→ AIM OF THE TASK
The answer must be a word-for-word copy of the records below, with every picture left out.

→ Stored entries
::::::::

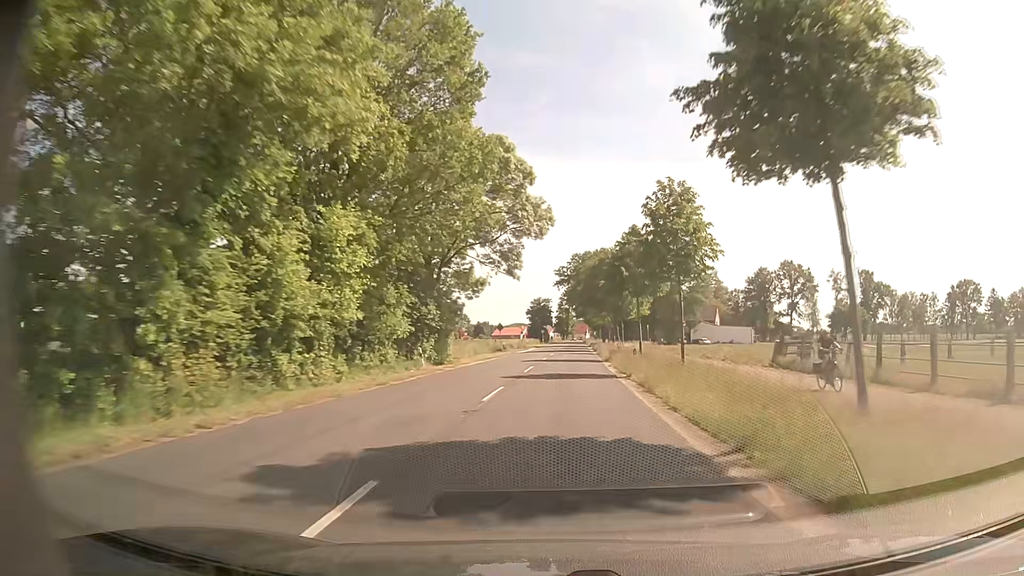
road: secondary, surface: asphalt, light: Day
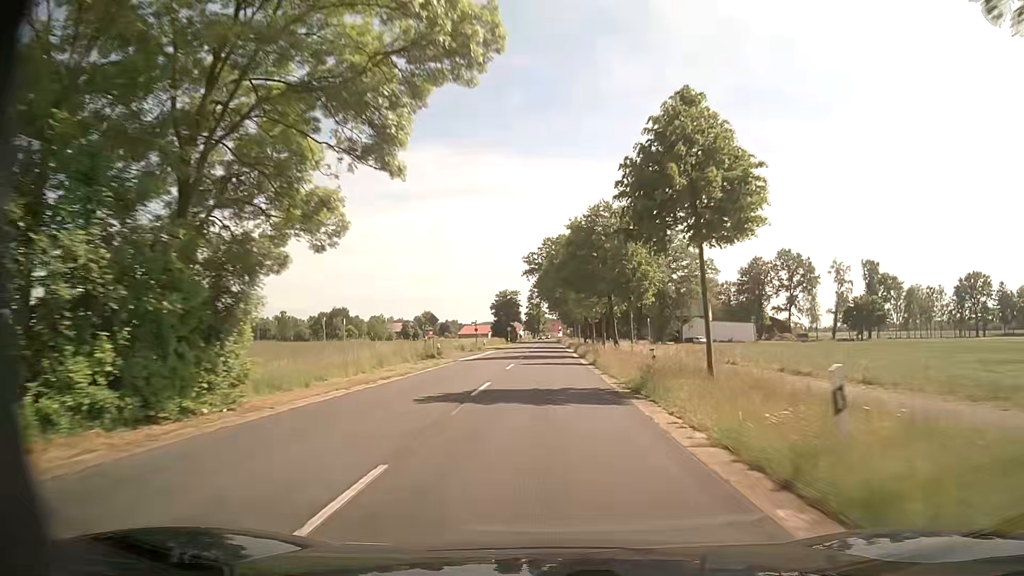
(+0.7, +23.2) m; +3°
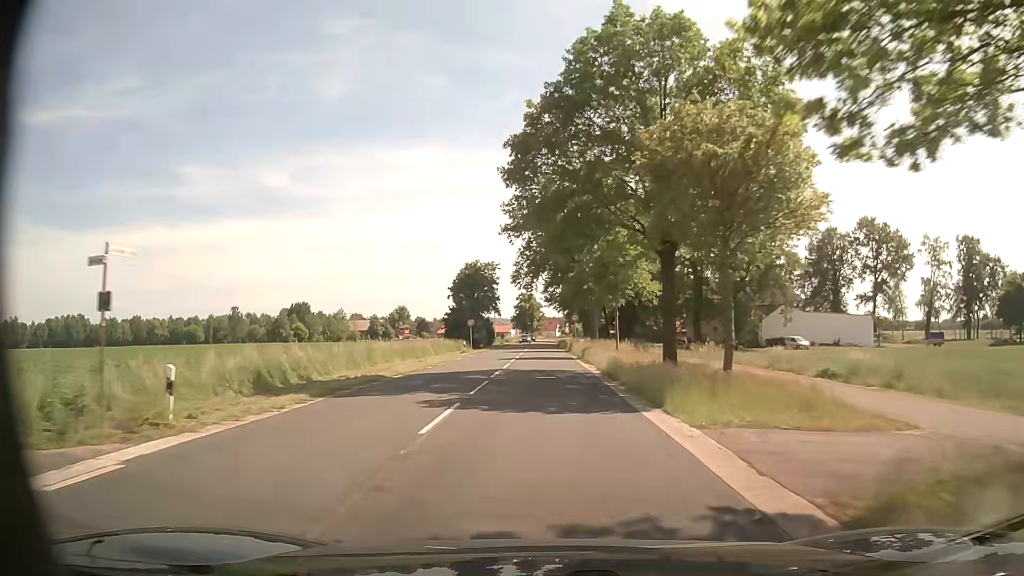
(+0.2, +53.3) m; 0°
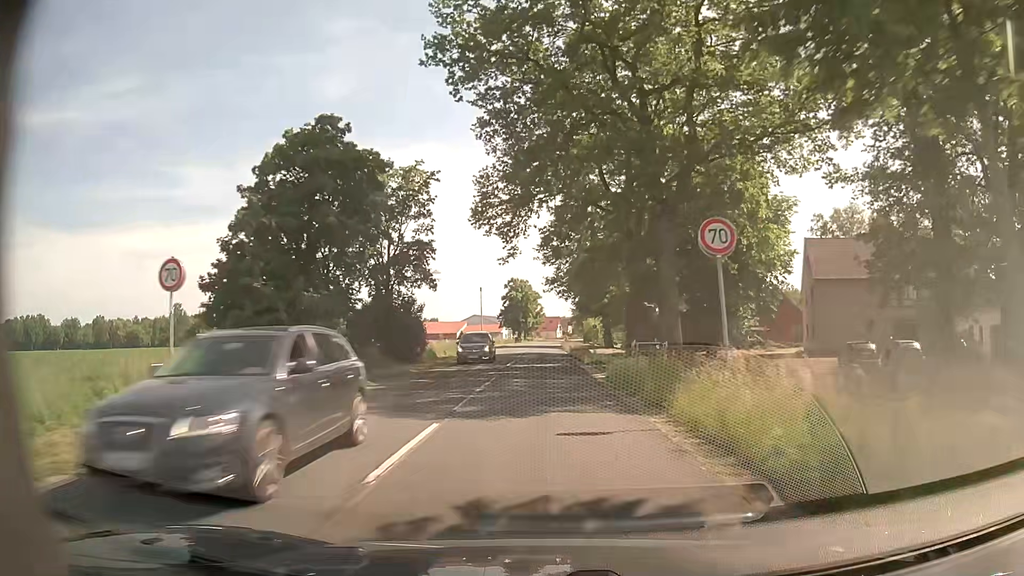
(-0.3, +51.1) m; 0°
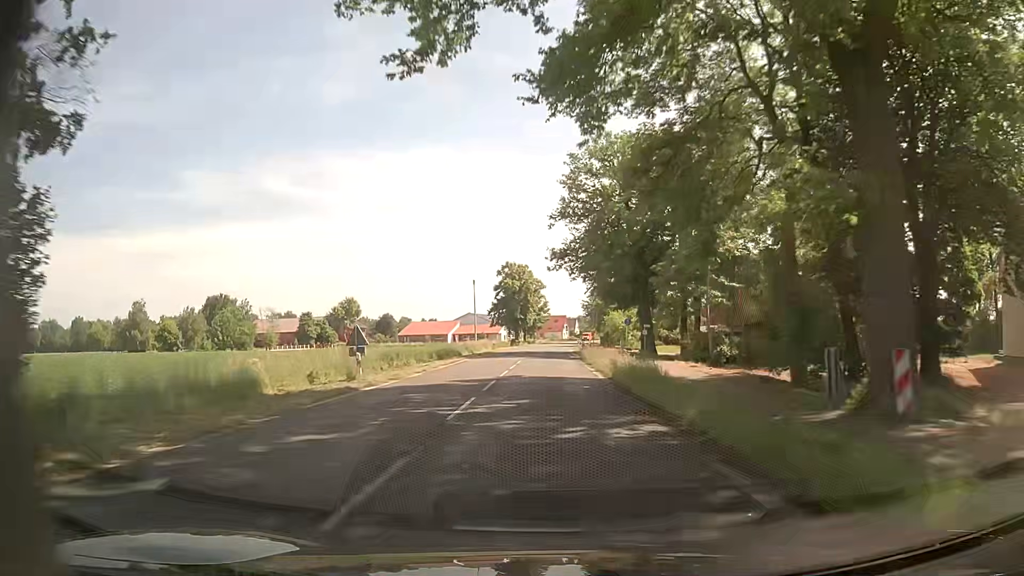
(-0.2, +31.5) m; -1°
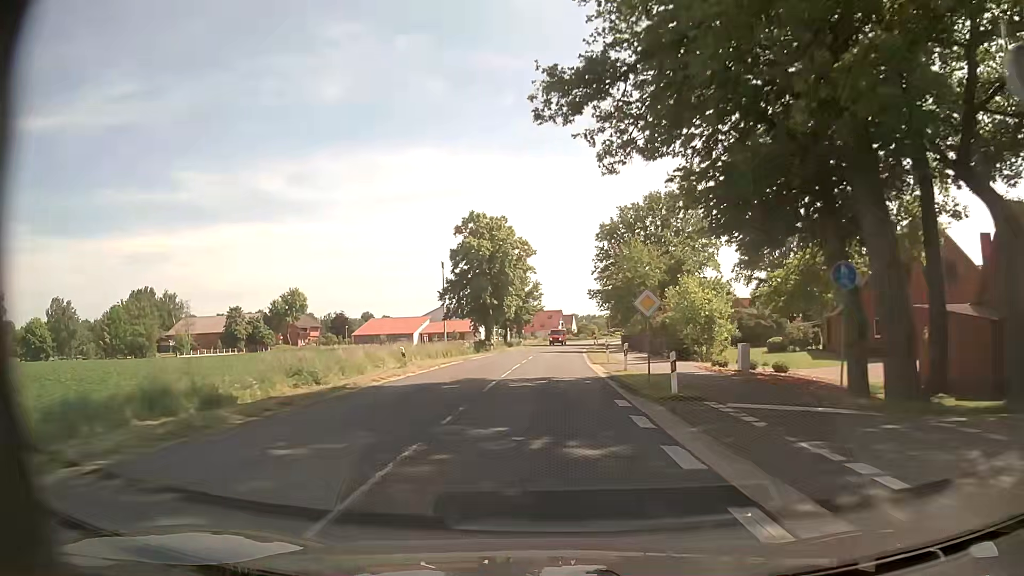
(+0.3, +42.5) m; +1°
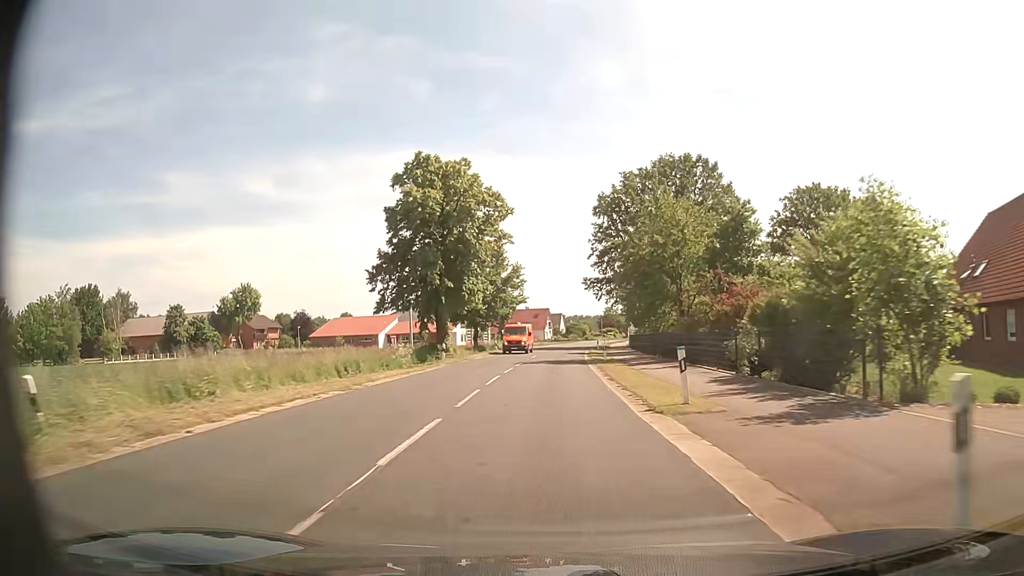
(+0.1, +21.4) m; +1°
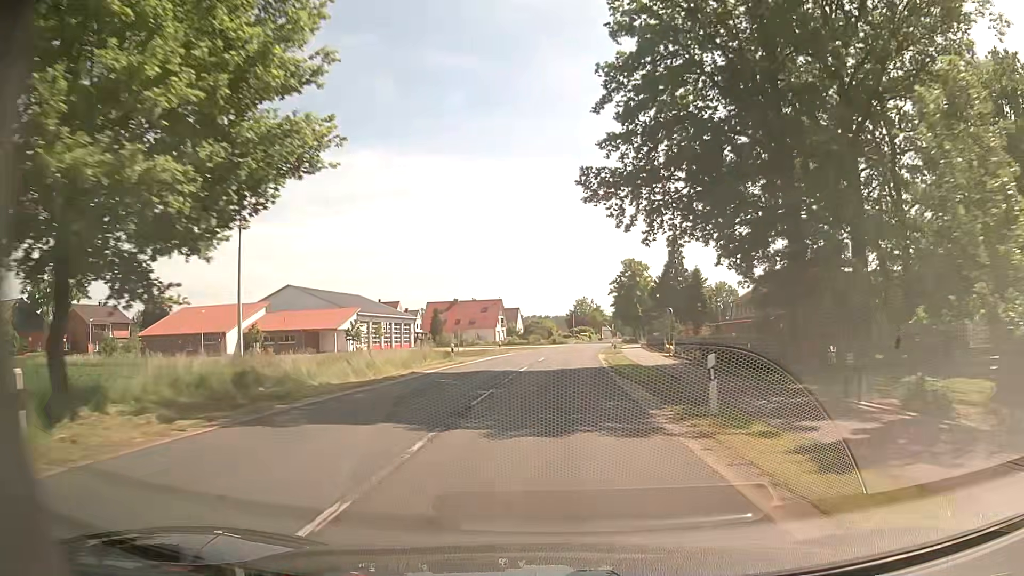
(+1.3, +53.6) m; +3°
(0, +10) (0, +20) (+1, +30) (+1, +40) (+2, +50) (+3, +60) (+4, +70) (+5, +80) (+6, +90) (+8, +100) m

::::::::

→ YOUR SOLUTION
road: secondary, surface: asphalt, light: Day
(+0.7, +23.2) m; +3°
(+0.2, +53.3) m; 0°
(-0.3, +51.1) m; 0°
(-0.2, +31.5) m; -1°
(+0.3, +42.5) m; +1°
(+0.1, +21.4) m; +1°
(+1.3, +53.6) m; +3°
(0, +10) (0, +20) (+1, +30) (+1, +40) (+2, +50) (+3, +60) (+4, +70) (+5, +80) (+6, +90) (+8, +100) m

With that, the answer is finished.